I had the opportunity to speak at the Apache: Big Data Europe 2015 conference this year and had a wonderful time.

The talks were pretty good overall. Talks had more content and less hype and marketing than other conferences in the Big Data space that I’ve been to. Talks were generally by users or developers and generally aimed at other developers, which I liked a lot. I got to know a larger percentage of the people there and it felt more relaxed. I definitely prefer that Apache Big Data was smaller and lower-key than larger conferences such as Spark Summit or Strata.

Pivotal, Hortonworks, Cloudera, IBM, NASA’s JPL, and GridGain were heavily represented, with multiple talks from each company. I’m really impressed by Pivotal, in particular, in their efforts to embrace open source and release projects such as Apache Geode and Apache HAWQ. I’m looking forward to playing around with Greenplum when it’s open sourced. I had a great time talking with their developers about Geode and listening to their talks.

Apache Ignite and Apache Geode had noticeably different emphases on functionality and their roles in Big Data stacks. My impression was that Ignite is working to establish itself both as a complement to as well as a replacement for Hadoop, Spark, etc. The Ignite developers presented on features such as its in-memory file system, caching functionality for secondary file systems, and support for SQL queries. The broad approach that Ignite is taking turns me off a bit – it makes it hard for me to evaluate where Ignite truly excels for demanding production workloads versus where it is only able to provide basic capabilities that only look good on paper.

Apache Geode described itself more narrowly, focusing on its role as an in-memory, transactional, distributed key-value store-type database. Developers and presenters generally emphasized the usage of Geode as part of a stack also including HDFS and some sort of data processing engine. The Geode talks were relatively down-to-earth and realistic, with rather sophisticated demos. The Geode approach resonated with me more.

Netflix and JPL gave great talks on scaling Apache Spark. Netflix presented on snags their teams ran into and their resulting patches back to the Spark project. JPL’s talk concerned scaling the throughput on Spark streaming using techniques such as operating on raw byte arrays and customized networking code. Although JPL’s final implementation would be unsteady in production due to much higher ingestion than output, their optimization tips and findings are useful.

Due to the overlap between Apache Big Data and ApacheCon: Core, I also meet a few Apache community members outside of Big Data. I learned a few neat things about CouchBase from Benjamin Young, had the opportunity to reminisce about Sydney with Justin Mclean, and discussed the role of Spark in a neat neuroscience project with Christoph Wille. I also enjoyed meeting a couple fellow Red Hatters.

Synthetic Data Talk

My talk on synthetic data went very well. I covered three use cases for synthetic data. My first use case pertained to an internal system at Red Hat operates on sensitive data. Using synthetic data enabled us to do development and automated testing without exposing the real data to risk and to build smaller data sets for which calculations could be verified by hand. My second and third use cases covered BigPetStore Spark and k8petstore and their role in smoke testing infrastructure deployments. I ended the talk by reviewing the Bigtop Data Generators effort. You can download my slides here.
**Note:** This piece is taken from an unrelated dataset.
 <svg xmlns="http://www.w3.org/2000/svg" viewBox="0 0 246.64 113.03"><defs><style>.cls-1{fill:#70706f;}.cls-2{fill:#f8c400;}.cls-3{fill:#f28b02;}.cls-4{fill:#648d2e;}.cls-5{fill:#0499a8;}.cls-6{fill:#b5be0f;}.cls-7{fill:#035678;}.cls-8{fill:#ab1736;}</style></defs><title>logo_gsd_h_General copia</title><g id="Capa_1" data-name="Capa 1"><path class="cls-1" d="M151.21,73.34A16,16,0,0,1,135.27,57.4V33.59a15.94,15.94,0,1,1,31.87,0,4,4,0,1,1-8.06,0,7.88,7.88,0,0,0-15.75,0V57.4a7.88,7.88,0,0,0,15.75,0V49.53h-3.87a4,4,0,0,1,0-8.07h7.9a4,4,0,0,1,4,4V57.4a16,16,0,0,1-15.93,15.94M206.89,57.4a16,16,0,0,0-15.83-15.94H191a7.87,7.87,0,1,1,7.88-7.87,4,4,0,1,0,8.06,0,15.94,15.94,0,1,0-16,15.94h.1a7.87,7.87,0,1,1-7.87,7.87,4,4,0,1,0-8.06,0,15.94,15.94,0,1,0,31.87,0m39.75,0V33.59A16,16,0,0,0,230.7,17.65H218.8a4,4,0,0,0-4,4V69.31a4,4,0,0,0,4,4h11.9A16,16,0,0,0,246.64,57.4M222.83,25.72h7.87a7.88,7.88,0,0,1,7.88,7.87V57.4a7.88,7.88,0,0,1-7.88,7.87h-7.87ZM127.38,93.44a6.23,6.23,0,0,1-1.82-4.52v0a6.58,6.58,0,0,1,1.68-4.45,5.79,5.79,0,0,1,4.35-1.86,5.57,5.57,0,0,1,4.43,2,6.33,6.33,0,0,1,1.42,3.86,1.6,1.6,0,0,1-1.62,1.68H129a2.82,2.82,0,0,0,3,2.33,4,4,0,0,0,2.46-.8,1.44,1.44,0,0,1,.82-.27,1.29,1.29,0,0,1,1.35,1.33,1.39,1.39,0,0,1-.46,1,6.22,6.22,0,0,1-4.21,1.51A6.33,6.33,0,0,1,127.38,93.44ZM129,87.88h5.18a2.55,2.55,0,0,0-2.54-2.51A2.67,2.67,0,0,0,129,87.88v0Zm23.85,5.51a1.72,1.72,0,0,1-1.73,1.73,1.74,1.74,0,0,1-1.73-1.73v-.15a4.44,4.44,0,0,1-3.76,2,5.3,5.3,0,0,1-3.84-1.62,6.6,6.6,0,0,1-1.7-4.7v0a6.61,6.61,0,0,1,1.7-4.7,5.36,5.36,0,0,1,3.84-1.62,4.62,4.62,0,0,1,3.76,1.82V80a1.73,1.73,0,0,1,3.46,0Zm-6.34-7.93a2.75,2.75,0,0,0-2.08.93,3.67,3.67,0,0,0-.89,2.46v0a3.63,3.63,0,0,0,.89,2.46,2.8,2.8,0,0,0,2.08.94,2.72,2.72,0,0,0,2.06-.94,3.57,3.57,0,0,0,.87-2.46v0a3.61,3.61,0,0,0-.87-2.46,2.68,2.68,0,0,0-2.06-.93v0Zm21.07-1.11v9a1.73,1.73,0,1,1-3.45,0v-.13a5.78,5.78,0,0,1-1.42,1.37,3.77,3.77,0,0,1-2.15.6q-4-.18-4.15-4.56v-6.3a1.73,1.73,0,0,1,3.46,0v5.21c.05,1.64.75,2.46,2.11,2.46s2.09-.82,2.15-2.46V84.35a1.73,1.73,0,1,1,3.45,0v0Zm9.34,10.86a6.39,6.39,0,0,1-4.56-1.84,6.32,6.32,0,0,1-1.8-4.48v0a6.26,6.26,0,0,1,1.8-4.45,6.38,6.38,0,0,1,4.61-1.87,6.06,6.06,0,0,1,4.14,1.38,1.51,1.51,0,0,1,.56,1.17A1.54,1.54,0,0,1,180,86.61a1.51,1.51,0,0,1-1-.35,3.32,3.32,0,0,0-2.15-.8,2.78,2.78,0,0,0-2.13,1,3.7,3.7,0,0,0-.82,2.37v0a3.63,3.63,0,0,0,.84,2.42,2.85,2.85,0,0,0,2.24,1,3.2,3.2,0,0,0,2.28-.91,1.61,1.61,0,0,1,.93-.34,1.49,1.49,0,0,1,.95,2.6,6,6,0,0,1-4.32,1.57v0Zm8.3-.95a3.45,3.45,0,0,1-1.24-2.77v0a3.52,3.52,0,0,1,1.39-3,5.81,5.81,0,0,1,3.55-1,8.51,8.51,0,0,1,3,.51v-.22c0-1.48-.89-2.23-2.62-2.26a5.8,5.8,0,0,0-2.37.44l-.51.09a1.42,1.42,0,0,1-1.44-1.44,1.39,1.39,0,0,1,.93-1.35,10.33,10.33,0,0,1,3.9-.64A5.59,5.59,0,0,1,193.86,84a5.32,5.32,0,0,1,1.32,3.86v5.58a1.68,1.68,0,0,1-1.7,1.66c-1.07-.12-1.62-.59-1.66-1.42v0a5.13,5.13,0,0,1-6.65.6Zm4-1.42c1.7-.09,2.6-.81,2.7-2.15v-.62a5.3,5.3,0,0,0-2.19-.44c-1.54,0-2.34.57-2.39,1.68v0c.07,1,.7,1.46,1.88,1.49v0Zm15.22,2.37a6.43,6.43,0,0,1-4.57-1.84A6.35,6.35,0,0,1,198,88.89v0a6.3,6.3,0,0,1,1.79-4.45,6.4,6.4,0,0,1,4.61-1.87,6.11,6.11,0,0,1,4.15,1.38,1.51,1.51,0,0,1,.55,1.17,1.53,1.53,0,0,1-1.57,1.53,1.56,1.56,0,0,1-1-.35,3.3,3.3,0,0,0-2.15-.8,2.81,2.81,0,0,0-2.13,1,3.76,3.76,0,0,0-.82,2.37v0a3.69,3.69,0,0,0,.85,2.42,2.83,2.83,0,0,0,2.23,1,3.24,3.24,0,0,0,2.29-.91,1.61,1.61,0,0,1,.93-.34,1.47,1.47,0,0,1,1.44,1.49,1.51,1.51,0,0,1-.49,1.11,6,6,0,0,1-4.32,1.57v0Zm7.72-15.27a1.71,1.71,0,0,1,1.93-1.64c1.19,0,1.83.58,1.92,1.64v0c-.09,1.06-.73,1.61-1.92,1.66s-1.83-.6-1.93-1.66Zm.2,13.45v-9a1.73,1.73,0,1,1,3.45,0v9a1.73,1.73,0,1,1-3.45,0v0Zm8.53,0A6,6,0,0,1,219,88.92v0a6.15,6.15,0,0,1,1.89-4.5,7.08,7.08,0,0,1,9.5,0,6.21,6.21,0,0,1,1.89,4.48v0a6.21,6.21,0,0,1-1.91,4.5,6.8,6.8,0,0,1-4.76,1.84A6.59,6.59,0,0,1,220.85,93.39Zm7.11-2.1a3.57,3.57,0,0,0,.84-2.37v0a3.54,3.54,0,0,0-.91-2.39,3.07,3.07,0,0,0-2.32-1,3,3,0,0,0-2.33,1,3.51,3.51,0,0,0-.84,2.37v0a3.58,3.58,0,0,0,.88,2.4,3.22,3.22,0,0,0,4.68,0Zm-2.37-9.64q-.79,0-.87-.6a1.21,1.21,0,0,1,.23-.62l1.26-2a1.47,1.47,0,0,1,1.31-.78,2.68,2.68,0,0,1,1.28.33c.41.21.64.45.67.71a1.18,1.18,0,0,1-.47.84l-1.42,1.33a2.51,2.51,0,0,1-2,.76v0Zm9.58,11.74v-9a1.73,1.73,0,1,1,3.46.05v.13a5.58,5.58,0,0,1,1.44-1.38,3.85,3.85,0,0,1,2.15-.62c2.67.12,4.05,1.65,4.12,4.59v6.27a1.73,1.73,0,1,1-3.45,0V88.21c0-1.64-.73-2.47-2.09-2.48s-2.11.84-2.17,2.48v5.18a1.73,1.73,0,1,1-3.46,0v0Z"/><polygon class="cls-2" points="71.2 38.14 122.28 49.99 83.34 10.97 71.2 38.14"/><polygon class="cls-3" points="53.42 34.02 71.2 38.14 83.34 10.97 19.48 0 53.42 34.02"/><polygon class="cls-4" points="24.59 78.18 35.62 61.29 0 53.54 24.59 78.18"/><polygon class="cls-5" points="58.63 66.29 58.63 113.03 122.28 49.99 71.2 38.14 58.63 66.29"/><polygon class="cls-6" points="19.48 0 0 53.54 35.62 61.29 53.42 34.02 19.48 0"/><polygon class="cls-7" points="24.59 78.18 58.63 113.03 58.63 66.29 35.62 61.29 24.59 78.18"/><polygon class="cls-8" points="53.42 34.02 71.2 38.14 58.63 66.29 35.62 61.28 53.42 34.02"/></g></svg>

I had a few people engage with me after the talk, and their feedback and questions are going to be helpful in defining the road map for the Bigtop Data Generators. Requests and ideas that came out of the conversations included:

Interest in building similar testing tools based on synthetic data. Folks want to generate synthetic data, test for correctness of data processing, and load test their systems.
Generalizing BigPetStore to any type of store – allow users to create JSON files for generating products
Tools for training models on real data and using the models to generating synthetic data with similar structure and properties
Further steps to help users build their own models. Breaking the data generators into libraries is a great first step for this. I’m still faced with challenges such as large code bases that are hard to maintain, significant amounts of boilerplate, and the models implementations being hidden deep in the code. I intend to investigate DSLs and probabilistic programming languages that could help on these fronts.

Apache Bigtop

One of most exciting aspects of the conference was a chance to meet a number of my fellow Apache Bigtop members in-person. Six active committers and PMC members were able to attend. We had five talks related to Bigtop in addition to mine:

Production secure, high-availability with Puppet by Olaf Flebbe
Bigtop docker containers and their usage in our continuous integration system by Evans Ye
The history and road map for Bigtop by Nate D’Amico
A tutorial on using Bigtop for building Big Data distributions by Nate D’Amico
Open-source in-memory platforms in Bigtop by Cos Boudnik

The in-person meetings were very beneficial to Bigtop. We had a number of impromptu hacking sessions, which gave me a chance to learn more about the larger Bigtop project and its infrastructure. We had opportunities to discuss issues such as migrating our CI nodes. And we were able to bounce ideas off each other for workshops and future efforts such as tools for deploying Bigtop on OpenStack.

I’m very much looking forward to attending future Apache: Big Data conferences in both North America and Europe.